In the copy you make of the entries, no picture should appear, and every word must match.

THE RECORDS section start

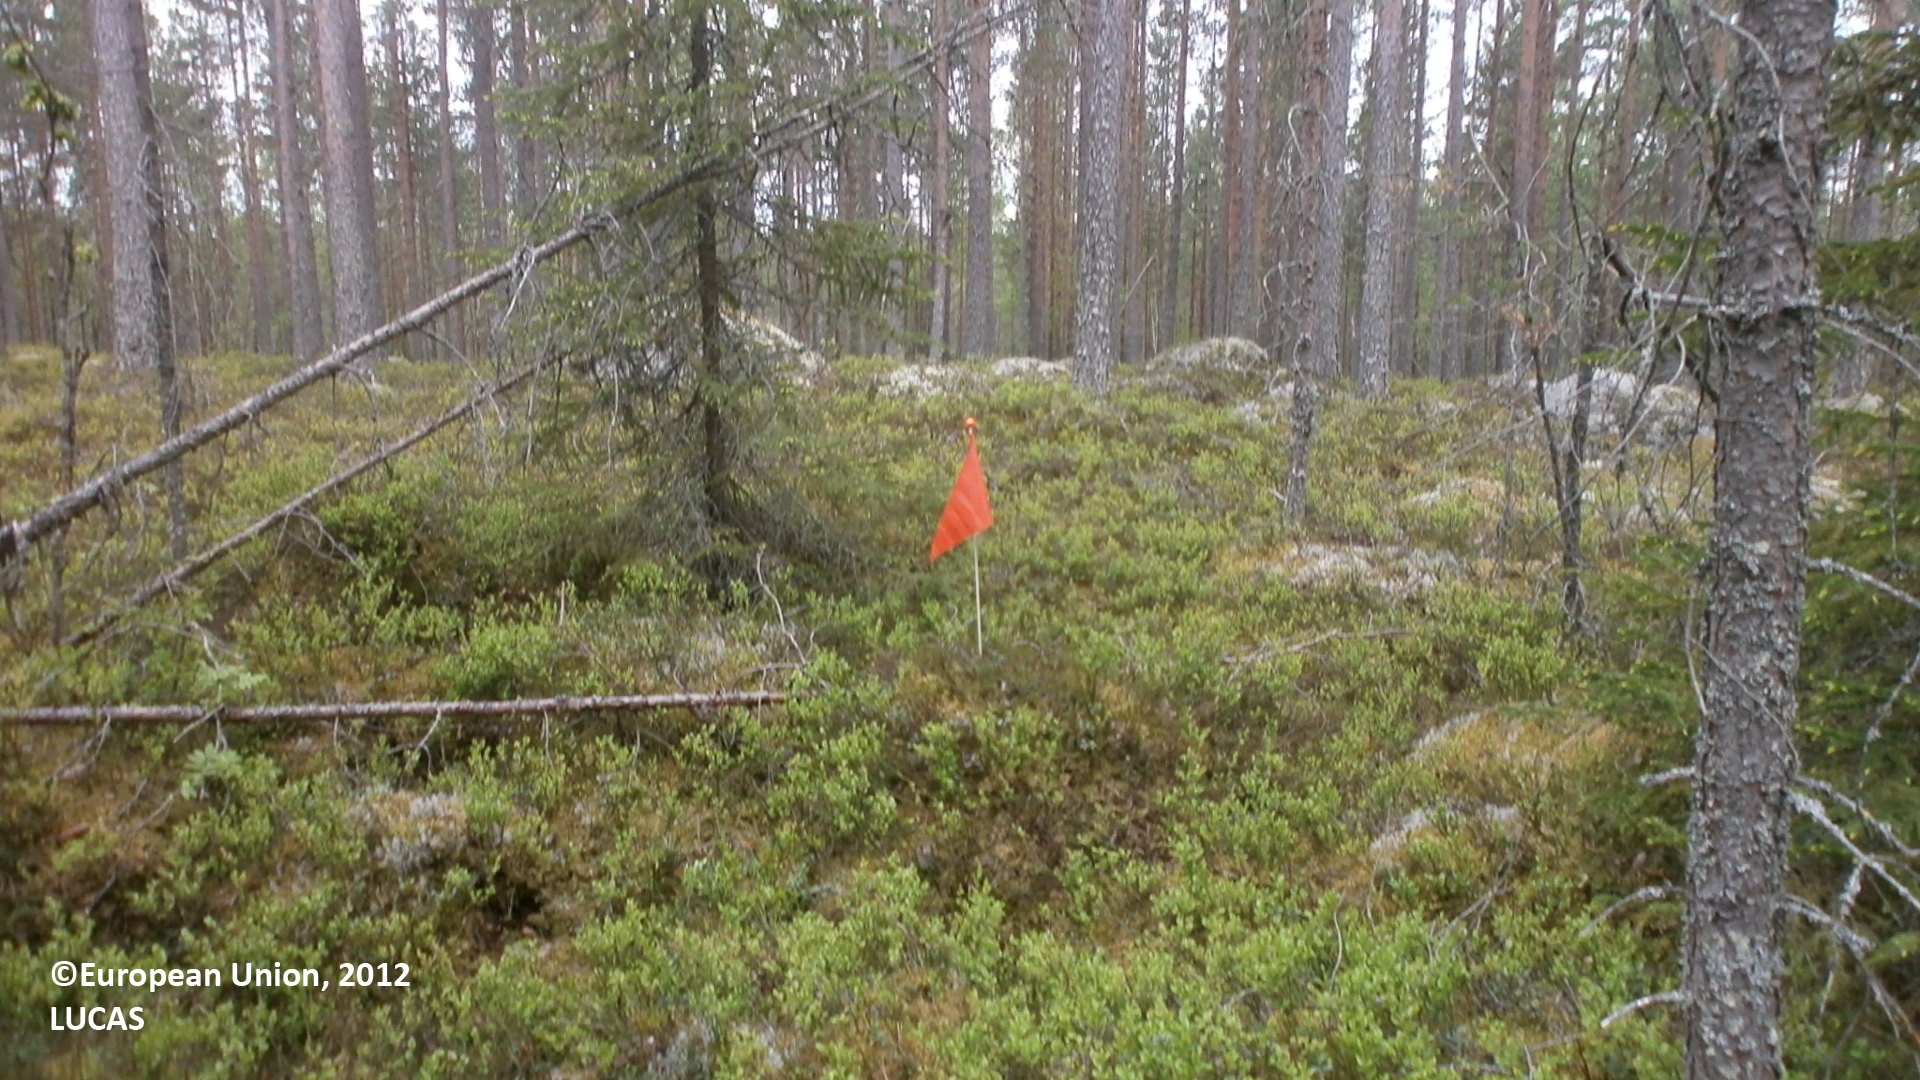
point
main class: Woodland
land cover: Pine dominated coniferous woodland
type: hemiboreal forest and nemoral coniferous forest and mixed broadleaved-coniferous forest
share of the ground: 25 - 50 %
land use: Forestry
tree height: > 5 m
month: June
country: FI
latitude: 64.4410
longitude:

THE RECORDS section end

> ANSWER SPACE
point
main class: Woodland
land cover: Pine dominated coniferous woodland
type: hemiboreal forest and nemoral coniferous forest and mixed broadleaved-coniferous forest
share of the ground: 25 - 50 %
land use: Forestry
tree height: > 5 m
month: June
country: FI
latitude: 64.4410
longitude:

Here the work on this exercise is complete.